-- TO DO --
Each line of the material that includes the string "degrees" counts once; report the total and nothing further.

-- EXERCISE INPUT --
* * *

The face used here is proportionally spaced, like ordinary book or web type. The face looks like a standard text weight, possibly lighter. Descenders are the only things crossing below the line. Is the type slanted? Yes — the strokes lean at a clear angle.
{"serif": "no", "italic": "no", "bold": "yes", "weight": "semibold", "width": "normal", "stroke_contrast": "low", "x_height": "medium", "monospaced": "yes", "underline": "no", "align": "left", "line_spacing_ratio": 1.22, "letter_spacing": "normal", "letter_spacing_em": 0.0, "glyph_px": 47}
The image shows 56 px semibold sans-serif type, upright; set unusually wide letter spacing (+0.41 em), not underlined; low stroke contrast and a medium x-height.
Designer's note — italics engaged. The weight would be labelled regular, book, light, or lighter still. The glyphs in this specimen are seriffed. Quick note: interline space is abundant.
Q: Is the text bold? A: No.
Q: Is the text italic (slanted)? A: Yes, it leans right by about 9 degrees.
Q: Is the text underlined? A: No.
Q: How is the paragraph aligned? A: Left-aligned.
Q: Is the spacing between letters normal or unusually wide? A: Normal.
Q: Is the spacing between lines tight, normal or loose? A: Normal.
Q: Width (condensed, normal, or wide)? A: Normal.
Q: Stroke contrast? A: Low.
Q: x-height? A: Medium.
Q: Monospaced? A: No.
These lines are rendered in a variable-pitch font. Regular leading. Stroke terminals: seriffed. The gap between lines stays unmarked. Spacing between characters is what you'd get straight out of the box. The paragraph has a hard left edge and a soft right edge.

* * *

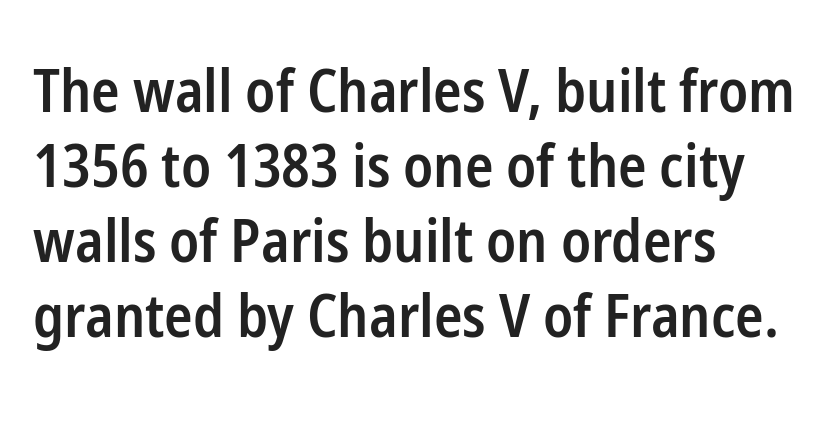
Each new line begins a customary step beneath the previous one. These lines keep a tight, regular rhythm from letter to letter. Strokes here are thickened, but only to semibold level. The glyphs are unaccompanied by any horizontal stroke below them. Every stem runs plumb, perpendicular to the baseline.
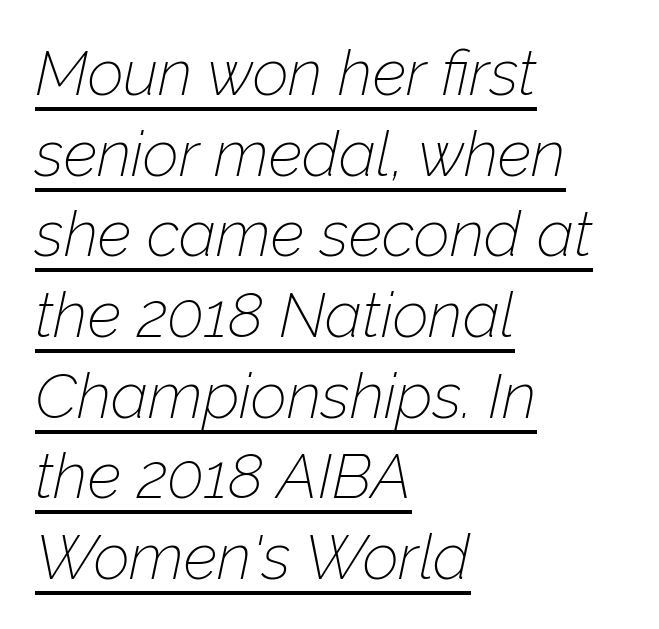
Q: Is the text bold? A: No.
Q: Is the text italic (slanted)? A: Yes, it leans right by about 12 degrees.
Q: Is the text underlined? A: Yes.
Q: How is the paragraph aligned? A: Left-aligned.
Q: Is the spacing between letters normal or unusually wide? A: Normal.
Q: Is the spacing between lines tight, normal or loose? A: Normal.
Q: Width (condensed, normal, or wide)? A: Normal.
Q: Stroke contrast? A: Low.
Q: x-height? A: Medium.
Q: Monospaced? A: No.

* * *

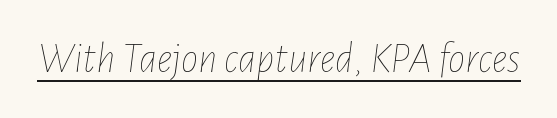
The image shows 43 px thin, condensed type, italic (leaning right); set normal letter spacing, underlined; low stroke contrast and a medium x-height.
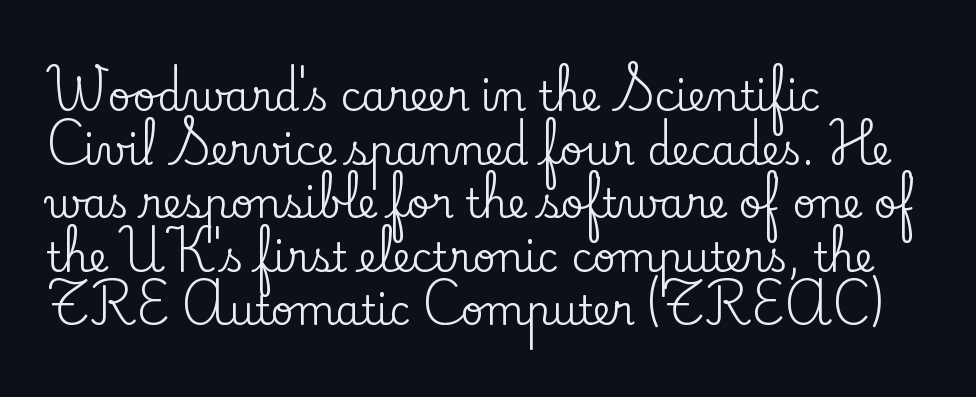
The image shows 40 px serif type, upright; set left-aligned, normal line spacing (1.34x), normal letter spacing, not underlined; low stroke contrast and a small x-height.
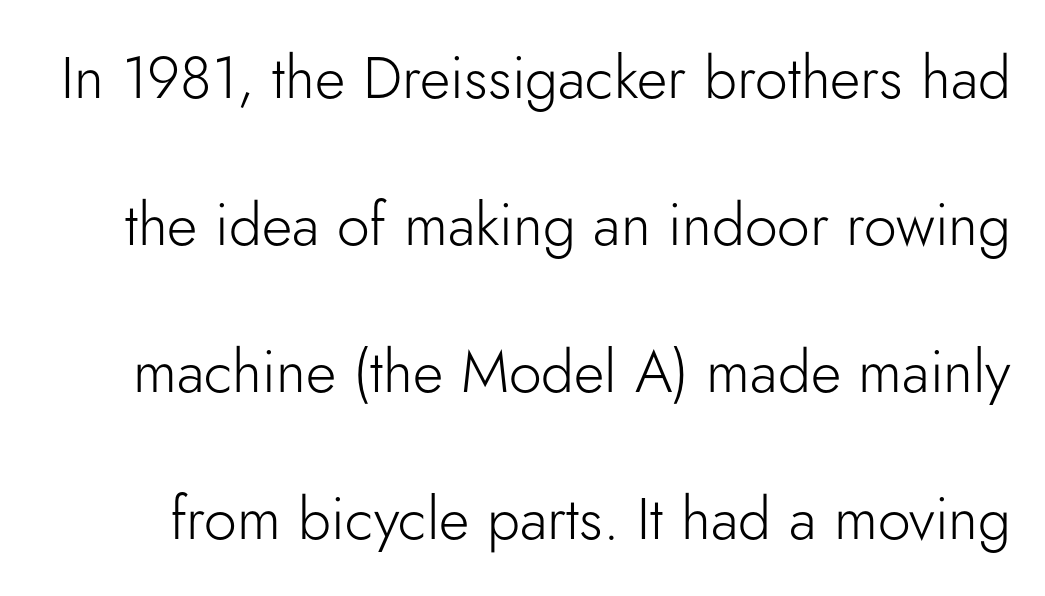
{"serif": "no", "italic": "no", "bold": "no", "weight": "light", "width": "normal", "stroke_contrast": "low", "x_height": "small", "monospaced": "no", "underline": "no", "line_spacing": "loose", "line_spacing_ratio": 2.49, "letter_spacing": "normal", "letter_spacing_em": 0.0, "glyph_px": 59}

* * *

-- WRITTEN SOLUTION --
2